И тут же, отдёрнув руки, посмотрел на ладони — красные вздувающиеся волдыри расползались по ним от ожога. Он обернулся: на глазах изумлённых людей, да и самих служителей храма белый балахон стал уменьшаться в размерах и терять очертания, рассыпаясь в странную красно-синюю пыль. Через мгновение на земле оставалась лишь ящерица. Стряхнув всё ещё падающие останки, она подняла голову, зашипела и тут же исчезла в щели между плит.
Сергей машинально глянул на ладони — они были чисты. И вдруг ощутил ставший знакомым однажды изумительно волшебный привкус. Как будто тысячи благоухающих нектаров, дополняя друг друга сказочными ароматами, разливаясь, приглашали его на самую желанную трапезу под новым небом.
— Мама… — прошептал он, — спасибо, родная…
— Свершилось! Свершилось! — понеслось по площади. — Да здравствует Иисус, царь иудейский!
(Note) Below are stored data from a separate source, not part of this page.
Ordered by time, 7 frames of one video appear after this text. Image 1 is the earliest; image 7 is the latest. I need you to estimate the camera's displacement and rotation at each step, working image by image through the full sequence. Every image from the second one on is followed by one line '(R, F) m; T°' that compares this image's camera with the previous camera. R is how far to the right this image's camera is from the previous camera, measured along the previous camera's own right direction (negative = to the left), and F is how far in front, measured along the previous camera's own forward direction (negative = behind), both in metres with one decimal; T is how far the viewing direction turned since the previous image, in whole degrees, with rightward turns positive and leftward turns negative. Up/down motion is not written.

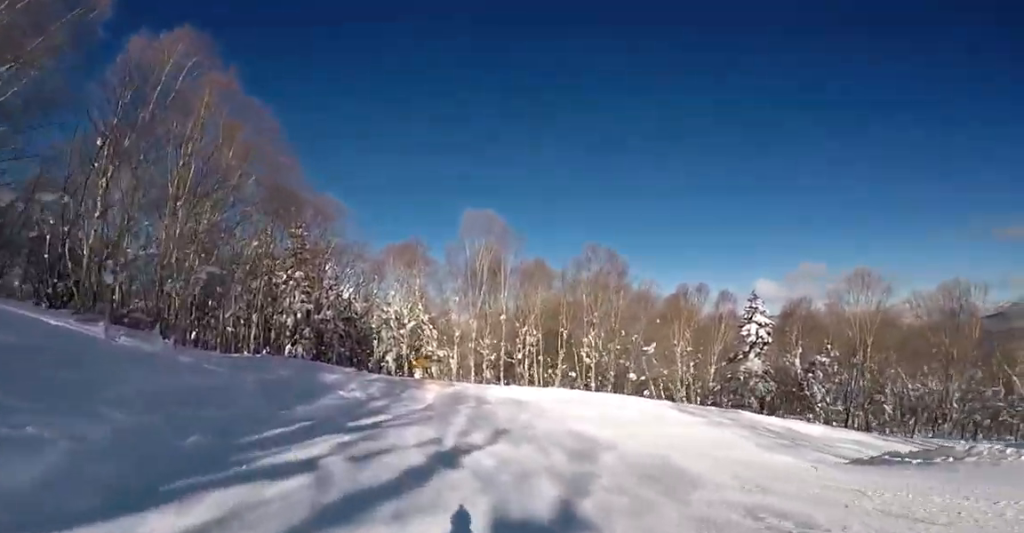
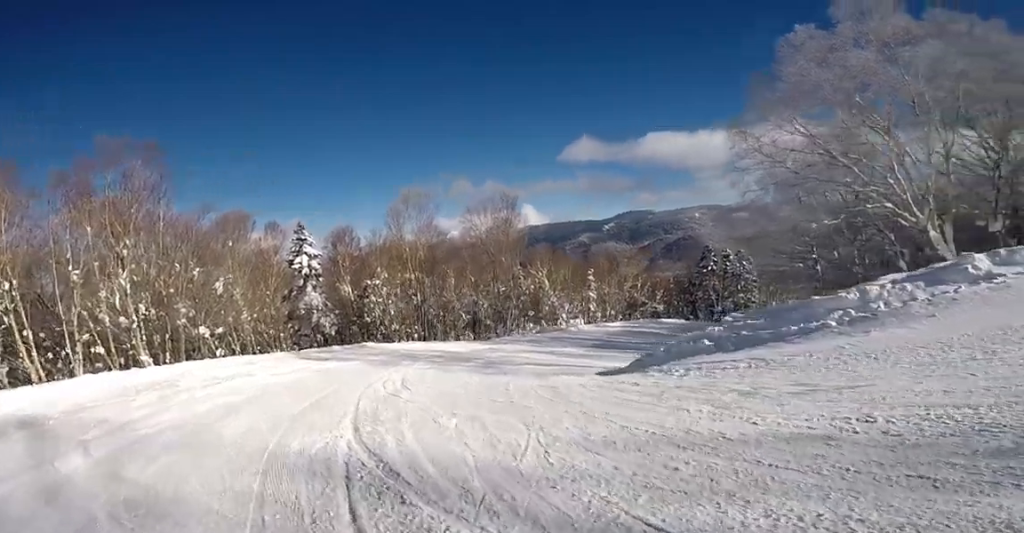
(+3.3, +8.3) m; +46°
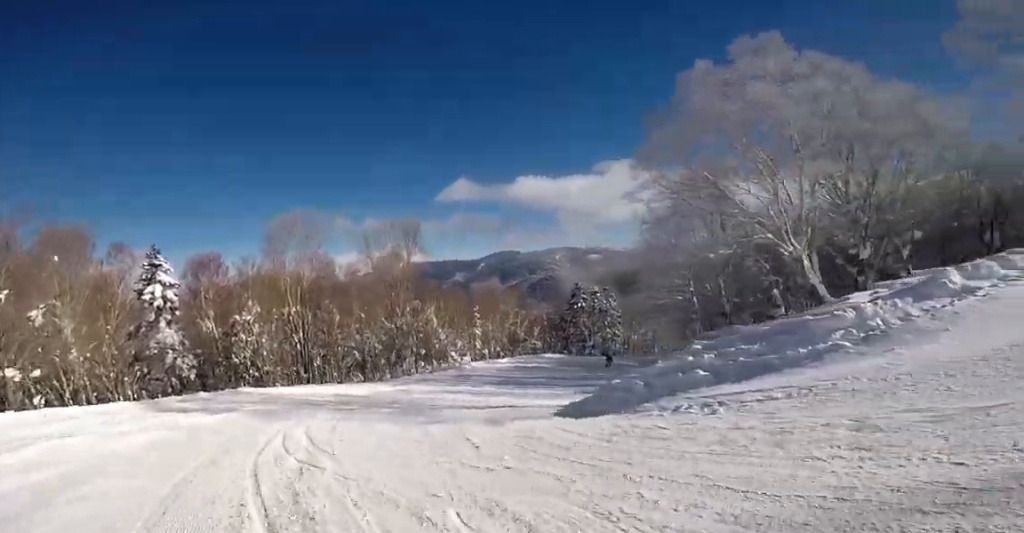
(0.0, +3.1) m; +16°
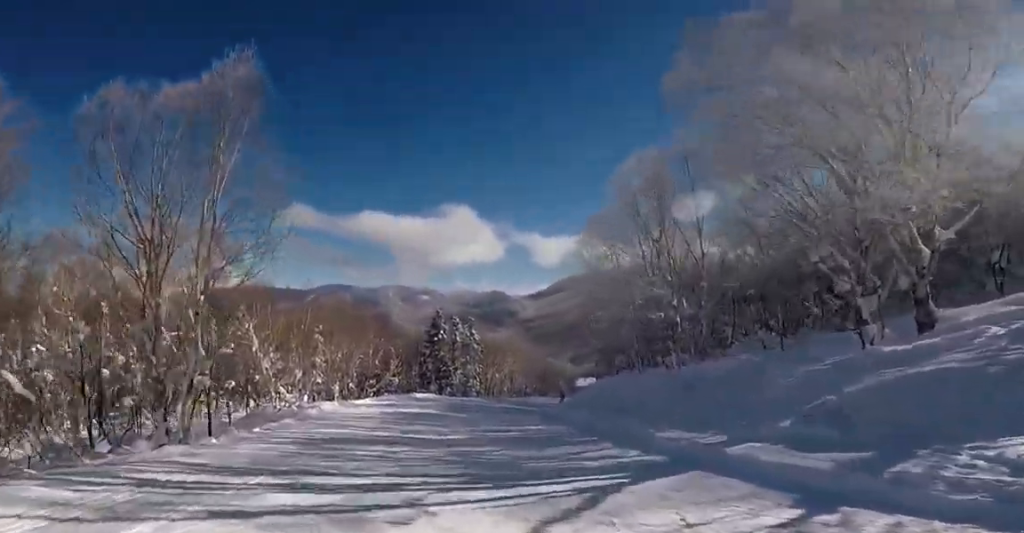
(+6.1, +15.2) m; +30°
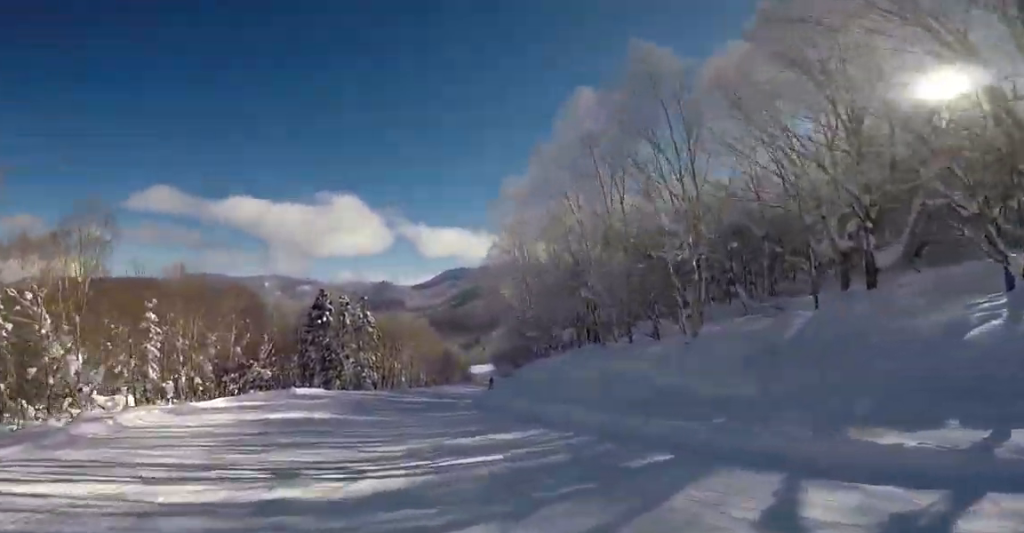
(+0.8, +9.5) m; +5°
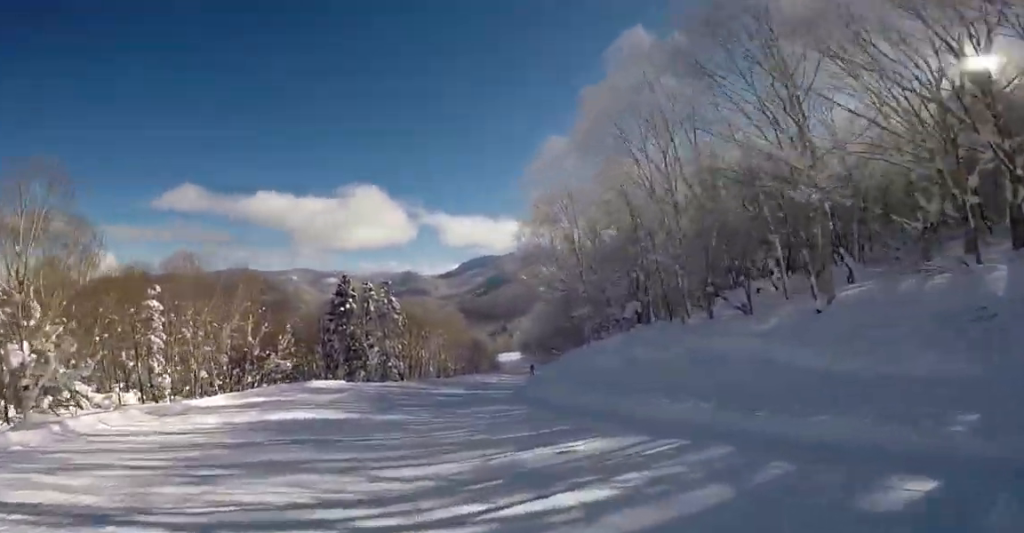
(0.0, +4.1) m; 0°
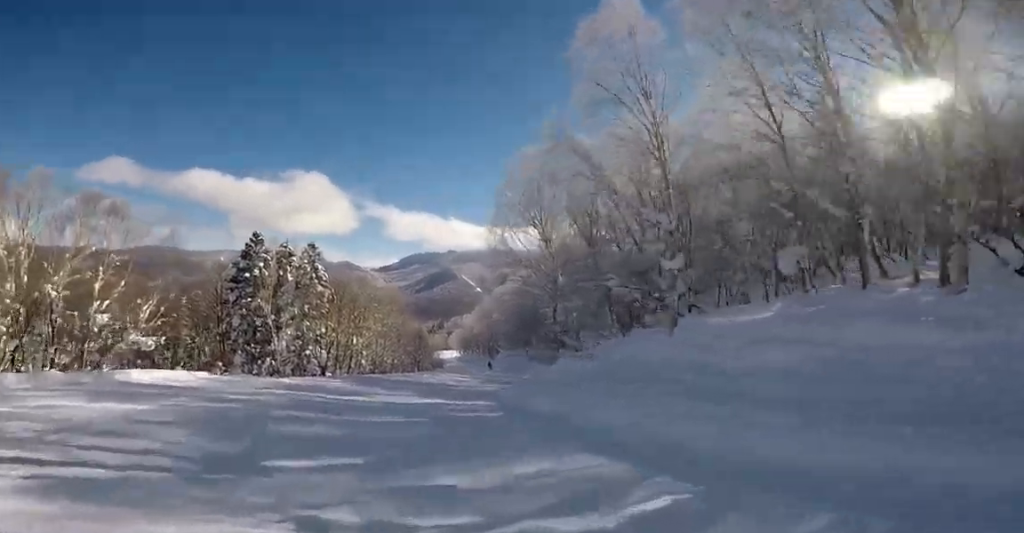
(+0.1, +11.4) m; +6°

— Да! Да! Именно так! Свершилось! — раздались выкрики позади наместника. Тот обернулся. Толпа ахнула: у самых стен, только что заслонявших долину, словно гигантский парус дивной красоты, разрезанный пополам, разъезжался в стороны занавес. Из пространства за ним, откуда лился свет, прямо к подиуму направлялась группа мужчин в диковинных одеждах. Впереди всех, опираясь на трость, ковылял низенький старик, поддерживаемый женщиной.
— Хельма! — Сергей протянул руку, обнажив левое запястье, и онемел — цифр не было.
— Это она! Я узнал! Настоящая Божественная комедия! — воскликнул автор «Чайки».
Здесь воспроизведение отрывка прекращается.